▶ [WHAT THIS TASK INVOLVES] Only the pictures are dropped. Restate each line below word for word.
--- INPUT DATA ---
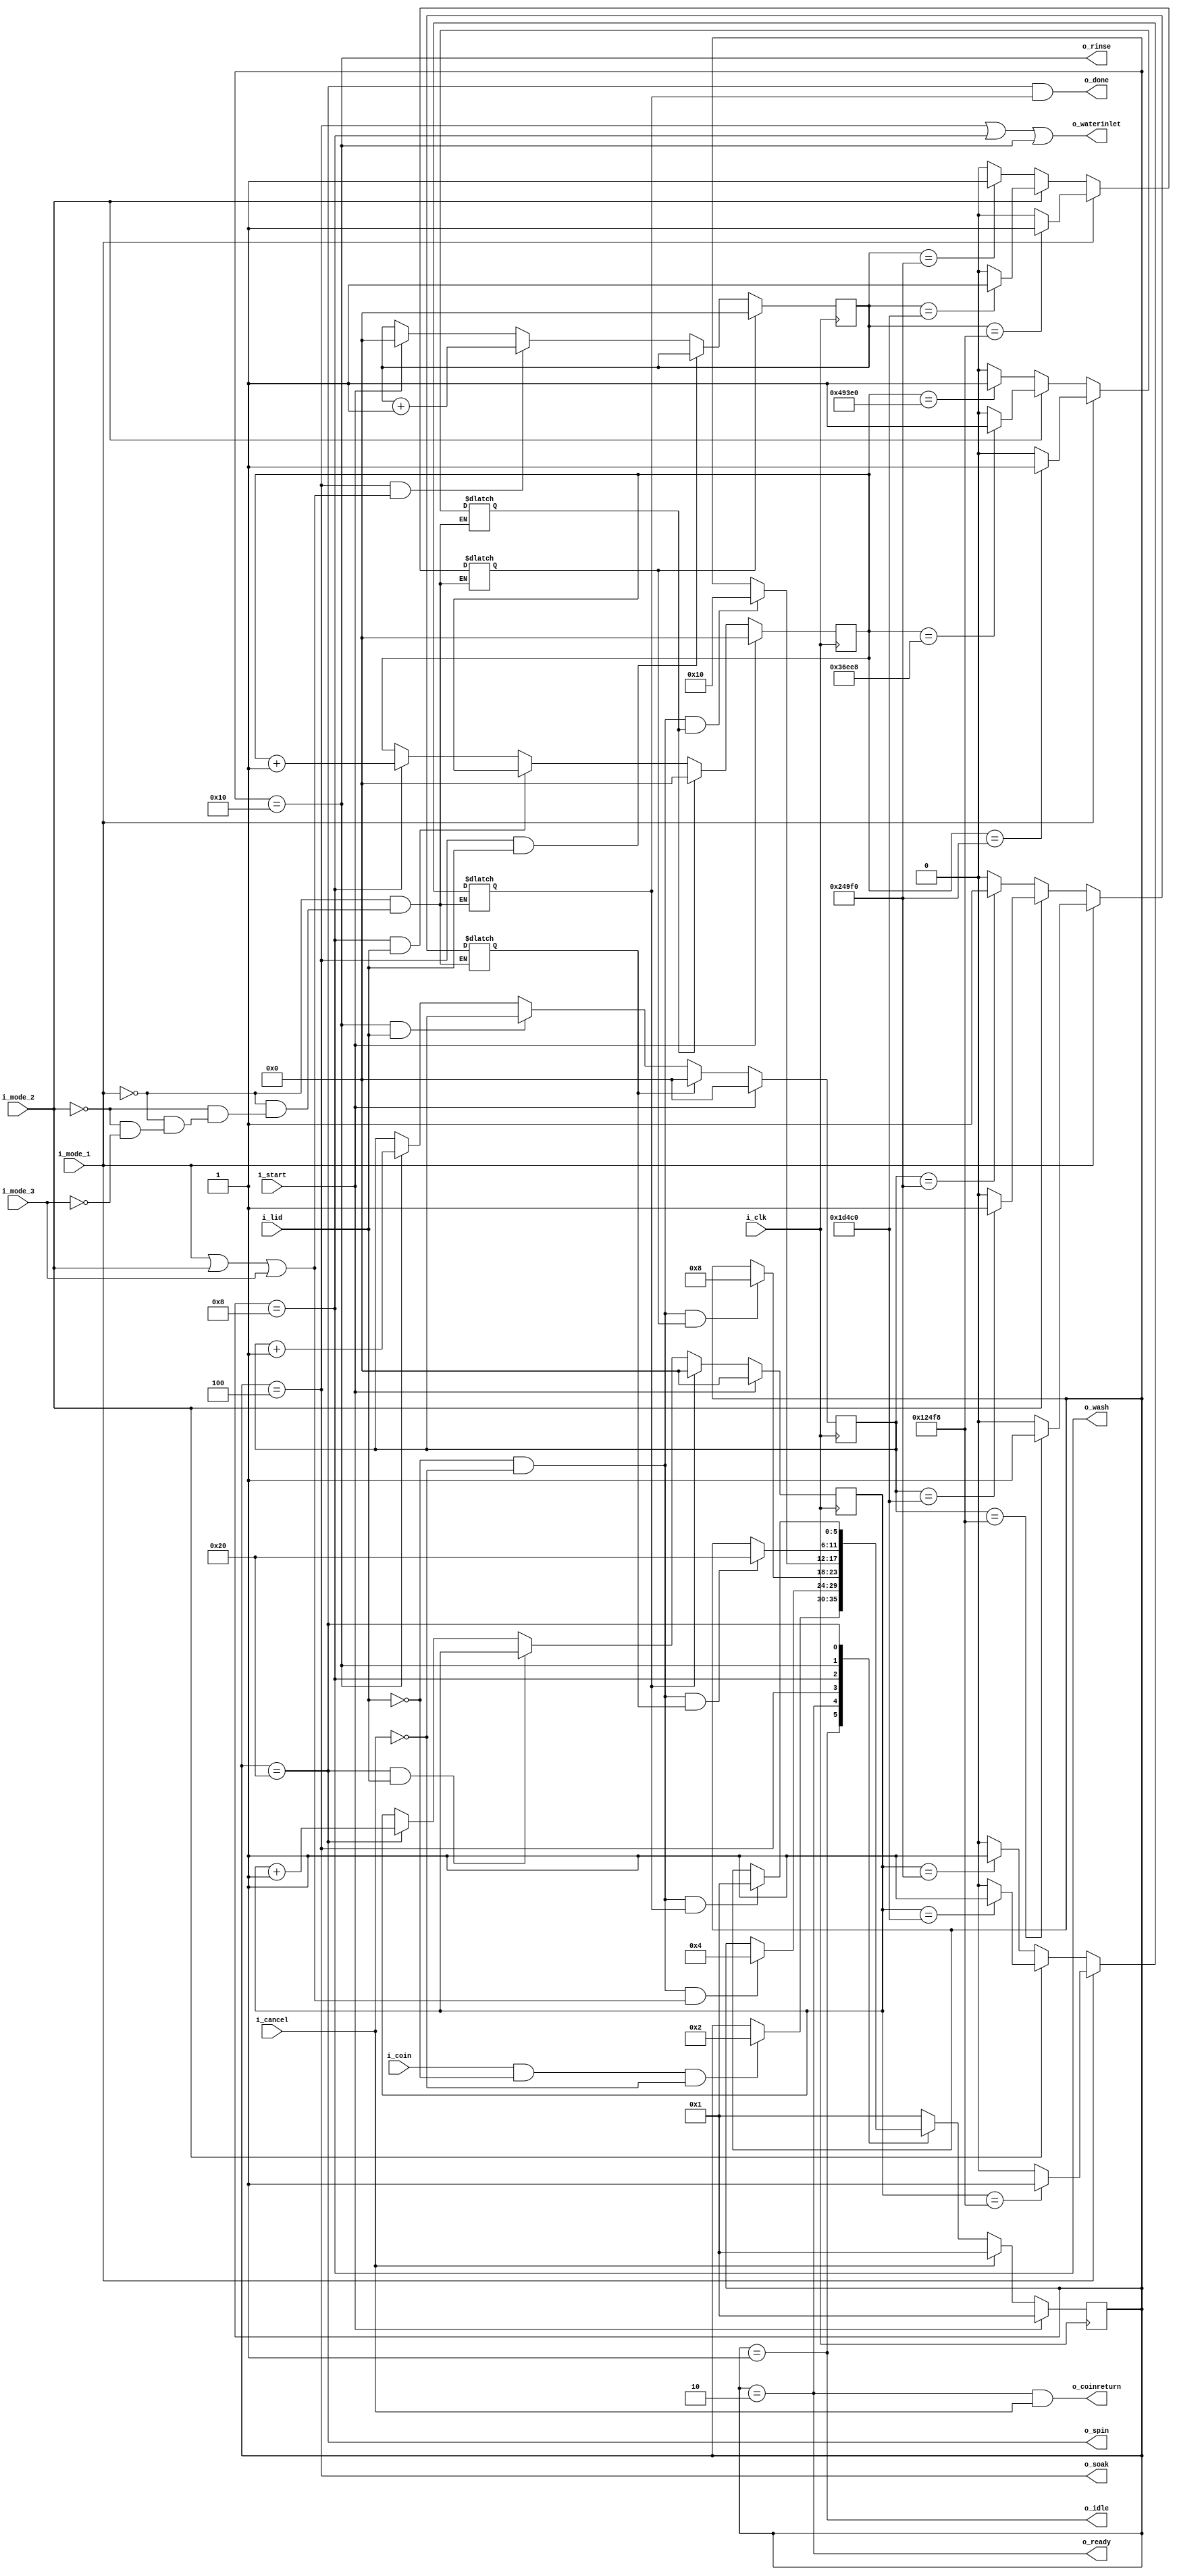
`timescale 1ms / 1ms

 module washingmachine(i_clk,i_lid,i_start,i_cancel,i_coin,i_mode_1,i_mode_2,i_mode_3,
                        o_idle,o_ready,o_soak,o_wash,o_rinse,o_spin,o_coinreturn,o_waterinlet,o_done);
						
	input i_clk,i_start,i_cancel,i_coin,i_lid,i_mode_1,i_mode_2,i_mode_3;
	output o_idle,o_ready,o_soak,o_wash,o_rinse,o_spin,o_waterinlet;
	output o_coinreturn,o_done;
	
	parameter IDLE  = 6'b000001,
	          READY = 6'b000010,
			  SOAK  = 6'b000100,
			  WASH  = 6'b001000,
			  RINSE = 6'b010000,
			  SPIN  = 6'b100000;
	
    // i_clk = 250hz means 1sec = 250 clock cycles
	
	/* mode1 - cloth < 2kg 
       Soak  : 5 mins   (5*60*250  = 75,000)
       Wash  : 10 mins  (10*60*250 = 1,50,000)
       Rinse : 5 mins   (5*60*250  = 75,000)
       Spin  : 5 mins   (5*60*250  = 75,000)
	   
	   mode2 - 2kg < cloth < 4kg 
       Soak  : 8 mins   (8*60*250  = 1,20,000) 
       Wash  : 15 mins  (15*60*250 = 2,25,000)
       Rinse : 8 mins   (8*60*250  = 1,20,000)
       Spin  : 8 mins   (8*60*250  = 1,20,000)
	   
	   mode3 - 4kg < cloth < 6kg 
       Soak  : 10 mins  (10*60*250 = 1,50,000)
       Wash  : 20 mins  (20*60*250 = 3,00,000)
       Rinse : 10 mins  (10*60*250 = 1,50,000)
       Spin  : 10 mins  (10*60*250 = 1,50,000)   */
	   
	   reg [5:0] PS,NS;
	   
	   
		
        reg soak_done,wash_done,rinse_done,spin_done;
		
        wire soak_up,wash_up,rinse_up,spin_up;
		wire soak_pause,wash_pause,rinse_pause,spin_pause;
		reg [18:0] soakcounter,washcounter,rinsecounter,spincounter; //19 bits can count upto 5,24,288
		
		//------- Timer pause logic when lid is open -------------------
		
		assign soak_pause  = ( PS == SOAK )  && (i_lid) ; 
		assign wash_pause  = ( PS == WASH )  && (i_lid) ; 
		assign rinse_pause = ( PS == RINSE ) && (i_lid) ; 
		assign spin_pause  = ( PS == SPIN )  && (i_lid) ; 
		
		

		assign soak_up  = (PS == SOAK) && (i_mode_1 || i_mode_2 || i_mode_3);
		assign wash_up  = (PS == WASH);
		assign rinse_up = (PS == RINSE);
		assign spin_up  = (PS == SPIN);
		
	
	    //---------- SOAK DONE LOGIC ------------------------------
        always@(i_mode_1,i_mode_2,i_mode_3,soakcounter)
		    begin
			    if(i_mode_1)
				  soak_done = (soakcounter == 75000) ? 1'b1 : 1'b0;
				else if(i_mode_2)
				  soak_done = (soakcounter == 120000) ? 1'b1 : 1'b0;
                else if(i_mode_3)
                  soak_done = (soakcounter == 150000) ? 1'b1 : 1'b0;		
             end
			 
			 
		//---------- WASH DONE LOGIC ------------------------------	
            always@(i_mode_1,i_mode_2,i_mode_3,washcounter)
		    begin
			    if(i_mode_1)
				  wash_done = (washcounter == 150000) ? 1'b1 : 1'b0;
				else if(i_mode_2)
				  wash_done = (washcounter == 225000) ? 1'b1 : 1'b0;
                else if(i_mode_3)
				  wash_done = (washcounter == 300000) ? 1'b1 : 1'b0;				  
                				  
			end
			
			
        //---------- RINSE DONE LOGIC ------------------------------
              always@(i_mode_1,i_mode_2,i_mode_3,rinsecounter)
		    begin
			    if(i_mode_1)
				  rinse_done = (rinsecounter == 75000) ? 1'b1 : 1'b0;
				else if(i_mode_2)
				  rinse_done = (rinsecounter == 120000) ? 1'b1 : 1'b0;
                else if(i_mode_3)
				  rinse_done = (rinsecounter == 150000) ? 1'b1 : 1'b0;				  
                				  
			end		

			
		//---------- SPIN DONE LOGIC ------------------------------	
              always@(i_mode_1,i_mode_2,i_mode_3,spincounter)
		    begin
			    if(i_mode_1)
				  spin_done = (spincounter == 75000) ? 1'b1 : 1'b0;
				else if(i_mode_2)
				  spin_done = (spincounter == 120000) ? 1'b1 : 1'b0;
                else if(i_mode_3)
				  spin_done = (spincounter == 150000) ? 1'b1 : 1'b0;				  
                				  
			end	
   
   
   
		//----------- SOAK TIMER ------------------------------------
        always@(posedge i_clk)
            begin
              if(i_start)
			        soakcounter <= 0;
			   if(soak_done)
                    soakcounter <= 0;
			   else if(soak_pause)
                    soakcounter <= soakcounter;			   
               else if(soak_up)
                    soakcounter <= soakcounter + 1'b1;				
            end
			
        //----------- WASH TIMER ------------------------------------
        always@(posedge i_clk)
            begin
              if(i_start)
			        washcounter <= 0;
				else if(wash_done)
                    washcounter <= 0;
				else if(wash_pause)
                    washcounter <= washcounter;		
                else if(wash_up)
                    washcounter <= washcounter + 1'b1;				
            end
			
		//----------- RINSE TIMER ------------------------------------	
		always@(posedge i_clk)
            begin
              if(i_start)
			        rinsecounter <= 0;
			   else if(rinse_done)
                    rinsecounter <= 0;
			   else if(rinse_pause)
                    rinsecounter <= rinsecounter;		
               else if(rinse_up)
                    rinsecounter <= rinsecounter + 1'b1;				
            end
        //----------- SPIN TIMER ------------------------------------
        always@(posedge i_clk)
            begin
              if(i_start)
			        spincounter <= 0;
			   else if(spin_done)
                    spincounter <= 0;
			   else if(spin_pause)
                    spincounter <= spincounter;			
               else if(spin_up)
                    spincounter <= spincounter + 1'b1;				
            end			
			
		
		
		//---------------- Present state logic ----------------------
	   always@(posedge i_clk)
	       begin
		       if(i_start)
			      PS <= IDLE;
			   else if(i_cancel)
                  PS <= IDLE;
               else
                  PS <= NS;			   
		   end
		   
		
		
	    //----------- Next state decoder logic ------------------------------------
		
   always@(*)		//always@(PS,i_cancel,i_coin,i_lid,i_mode_1,i_mode_2,i_mode_3,soak_done,wash_done,rinse_done,spin_done) 
             begin
				case(PS)
				  IDLE : begin 
				          if(i_coin && !i_lid && !i_cancel)
						     NS <= READY;
						  else
                             NS <= PS;						  
						 end
						 
				  READY : begin 
                    if(!i_lid && !i_cancel && (i_mode_1 || i_mode_2 || i_mode_3))
							  NS <= SOAK;
							else
                              NS <= PS;							
				          end

                  SOAK : begin 
                    if(!i_lid && !i_cancel && soak_done)
							  NS <= WASH;
							else
                              NS <= PS;							
				         end
 
                  WASH : begin 
                         if(!i_lid && !i_cancel && wash_done)    
							  NS <= RINSE;
							else
                              NS <= PS;							
				         end

                  RINSE : begin 
                    if(!i_lid && !i_cancel && rinse_done)
							  NS <= SPIN;
							else
                              NS <= PS;	
				          end

                  SPIN : begin 
                    if(!i_lid && !i_cancel && spin_done)
							  NS <= IDLE;
							else
                              NS <= PS;	
				         end	
                  default :  NS <= IDLE;
                endcase         
		    end			 
			
			
		//--- output logic --

        assign o_idle = (PS == IDLE);
        assign o_ready = (PS == READY);
        assign o_soak = (PS == SOAK);
        assign o_wash = (PS == WASH);
        assign o_rinse = (PS == RINSE);
        assign o_spin = (PS == SPIN);
        assign o_waterinlet = (PS == SOAK) || (PS == WASH) || (PS == RINSE) ;
        assign o_coinreturn = (PS == READY)	&& (i_cancel);
        assign o_done = (PS == SPIN) && (spin_done);

     endmodule
---
▶ [EXERCISE RESPONSE]
`timescale 1ms / 1ms

 module washingmachine(i_clk,i_lid,i_start,i_cancel,i_coin,i_mode_1,i_mode_2,i_mode_3,
                        o_idle,o_ready,o_soak,o_wash,o_rinse,o_spin,o_coinreturn,o_waterinlet,o_done);
						
	input i_clk,i_start,i_cancel,i_coin,i_lid,i_mode_1,i_mode_2,i_mode_3;
	output o_idle,o_ready,o_soak,o_wash,o_rinse,o_spin,o_waterinlet;
	output o_coinreturn,o_done;
	
	parameter IDLE  = 6'b000001,
	          READY = 6'b000010,
			  SOAK  = 6'b000100,
			  WASH  = 6'b001000,
			  RINSE = 6'b010000,
			  SPIN  = 6'b100000;
	
    // i_clk = 250hz means 1sec = 250 clock cycles
	
	/* mode1 - cloth < 2kg 
       Soak  : 5 mins   (5*60*250  = 75,000)
       Wash  : 10 mins  (10*60*250 = 1,50,000)
       Rinse : 5 mins   (5*60*250  = 75,000)
       Spin  : 5 mins   (5*60*250  = 75,000)
	   
	   mode2 - 2kg < cloth < 4kg 
       Soak  : 8 mins   (8*60*250  = 1,20,000) 
       Wash  : 15 mins  (15*60*250 = 2,25,000)
       Rinse : 8 mins   (8*60*250  = 1,20,000)
       Spin  : 8 mins   (8*60*250  = 1,20,000)
	   
	   mode3 - 4kg < cloth < 6kg 
       Soak  : 10 mins  (10*60*250 = 1,50,000)
       Wash  : 20 mins  (20*60*250 = 3,00,000)
       Rinse : 10 mins  (10*60*250 = 1,50,000)
       Spin  : 10 mins  (10*60*250 = 1,50,000)   */
	   
	   reg [5:0] PS,NS;
	   
	   
		
        reg soak_done,wash_done,rinse_done,spin_done;
		
        wire soak_up,wash_up,rinse_up,spin_up;
		wire soak_pause,wash_pause,rinse_pause,spin_pause;
		reg [18:0] soakcounter,washcounter,rinsecounter,spincounter; //19 bits can count upto 5,24,288
		
		//------- Timer pause logic when lid is open -------------------
		
		assign soak_pause  = ( PS == SOAK )  && (i_lid) ; 
		assign wash_pause  = ( PS == WASH )  && (i_lid) ; 
		assign rinse_pause = ( PS == RINSE ) && (i_lid) ; 
		assign spin_pause  = ( PS == SPIN )  && (i_lid) ; 
		
		

		assign soak_up  = (PS == SOAK) && (i_mode_1 || i_mode_2 || i_mode_3);
		assign wash_up  = (PS == WASH);
		assign rinse_up = (PS == RINSE);
		assign spin_up  = (PS == SPIN);
		
	
	    //---------- SOAK DONE LOGIC ------------------------------
        always@(i_mode_1,i_mode_2,i_mode_3,soakcounter)
		    begin
			    if(i_mode_1)
				  soak_done = (soakcounter == 75000) ? 1'b1 : 1'b0;
				else if(i_mode_2)
				  soak_done = (soakcounter == 120000) ? 1'b1 : 1'b0;
                else if(i_mode_3)
                  soak_done = (soakcounter == 150000) ? 1'b1 : 1'b0;		
             end
			 
			 
		//---------- WASH DONE LOGIC ------------------------------	
            always@(i_mode_1,i_mode_2,i_mode_3,washcounter)
		    begin
			    if(i_mode_1)
				  wash_done = (washcounter == 150000) ? 1'b1 : 1'b0;
				else if(i_mode_2)
				  wash_done = (washcounter == 225000) ? 1'b1 : 1'b0;
                else if(i_mode_3)
				  wash_done = (washcounter == 300000) ? 1'b1 : 1'b0;				  
                				  
			end
			
			
        //---------- RINSE DONE LOGIC ------------------------------
              always@(i_mode_1,i_mode_2,i_mode_3,rinsecounter)
		    begin
			    if(i_mode_1)
				  rinse_done = (rinsecounter == 75000) ? 1'b1 : 1'b0;
				else if(i_mode_2)
				  rinse_done = (rinsecounter == 120000) ? 1'b1 : 1'b0;
                else if(i_mode_3)
				  rinse_done = (rinsecounter == 150000) ? 1'b1 : 1'b0;				  
                				  
			end		

			
		//---------- SPIN DONE LOGIC ------------------------------	
              always@(i_mode_1,i_mode_2,i_mode_3,spincounter)
		    begin
			    if(i_mode_1)
				  spin_done = (spincounter == 75000) ? 1'b1 : 1'b0;
				else if(i_mode_2)
				  spin_done = (spincounter == 120000) ? 1'b1 : 1'b0;
                else if(i_mode_3)
				  spin_done = (spincounter == 150000) ? 1'b1 : 1'b0;				  
                				  
			end	
   
   
   
		//----------- SOAK TIMER ------------------------------------
        always@(posedge i_clk)
            begin
              if(i_start)
			        soakcounter <= 0;
			   if(soak_done)
                    soakcounter <= 0;
			   else if(soak_pause)
                    soakcounter <= soakcounter;			   
               else if(soak_up)
                    soakcounter <= soakcounter + 1'b1;				
            end
			
        //----------- WASH TIMER ------------------------------------
        always@(posedge i_clk)
            begin
              if(i_start)
			        washcounter <= 0;
				else if(wash_done)
                    washcounter <= 0;
				else if(wash_pause)
                    washcounter <= washcounter;		
                else if(wash_up)
                    washcounter <= washcounter + 1'b1;				
            end
			
		//----------- RINSE TIMER ------------------------------------	
		always@(posedge i_clk)
            begin
              if(i_start)
			        rinsecounter <= 0;
			   else if(rinse_done)
                    rinsecounter <= 0;
			   else if(rinse_pause)
                    rinsecounter <= rinsecounter;		
               else if(rinse_up)
                    rinsecounter <= rinsecounter + 1'b1;				
            end
        //----------- SPIN TIMER ------------------------------------
        always@(posedge i_clk)
            begin
              if(i_start)
			        spincounter <= 0;
			   else if(spin_done)
                    spincounter <= 0;
			   else if(spin_pause)
                    spincounter <= spincounter;			
               else if(spin_up)
                    spincounter <= spincounter + 1'b1;				
            end			
			
		
		
		//---------------- Present state logic ----------------------
	   always@(posedge i_clk)
	       begin
		       if(i_start)
			      PS <= IDLE;
			   else if(i_cancel)
                  PS <= IDLE;
               else
                  PS <= NS;			   
		   end
		   
		
		
	    //----------- Next state decoder logic ------------------------------------
		
   always@(*)		//always@(PS,i_cancel,i_coin,i_lid,i_mode_1,i_mode_2,i_mode_3,soak_done,wash_done,rinse_done,spin_done) 
             begin
				case(PS)
				  IDLE : begin 
				          if(i_coin && !i_lid && !i_cancel)
						     NS <= READY;
						  else
                             NS <= PS;						  
						 end
						 
				  READY : begin 
                    if(!i_lid && !i_cancel && (i_mode_1 || i_mode_2 || i_mode_3))
							  NS <= SOAK;
							else
                              NS <= PS;							
				          end

                  SOAK : begin 
                    if(!i_lid && !i_cancel && soak_done)
							  NS <= WASH;
							else
                              NS <= PS;							
				         end
 
                  WASH : begin 
                         if(!i_lid && !i_cancel && wash_done)    
							  NS <= RINSE;
							else
                              NS <= PS;							
				         end

                  RINSE : begin 
                    if(!i_lid && !i_cancel && rinse_done)
							  NS <= SPIN;
							else
                              NS <= PS;	
				          end

                  SPIN : begin 
                    if(!i_lid && !i_cancel && spin_done)
							  NS <= IDLE;
							else
                              NS <= PS;	
				         end	
                  default :  NS <= IDLE;
                endcase         
		    end			 
			
			
		//--- output logic --

        assign o_idle = (PS == IDLE);
        assign o_ready = (PS == READY);
        assign o_soak = (PS == SOAK);
        assign o_wash = (PS == WASH);
        assign o_rinse = (PS == RINSE);
        assign o_spin = (PS == SPIN);
        assign o_waterinlet = (PS == SOAK) || (PS == WASH) || (PS == RINSE) ;
        assign o_coinreturn = (PS == READY)	&& (i_cancel);
        assign o_done = (PS == SPIN) && (spin_done);

     endmodule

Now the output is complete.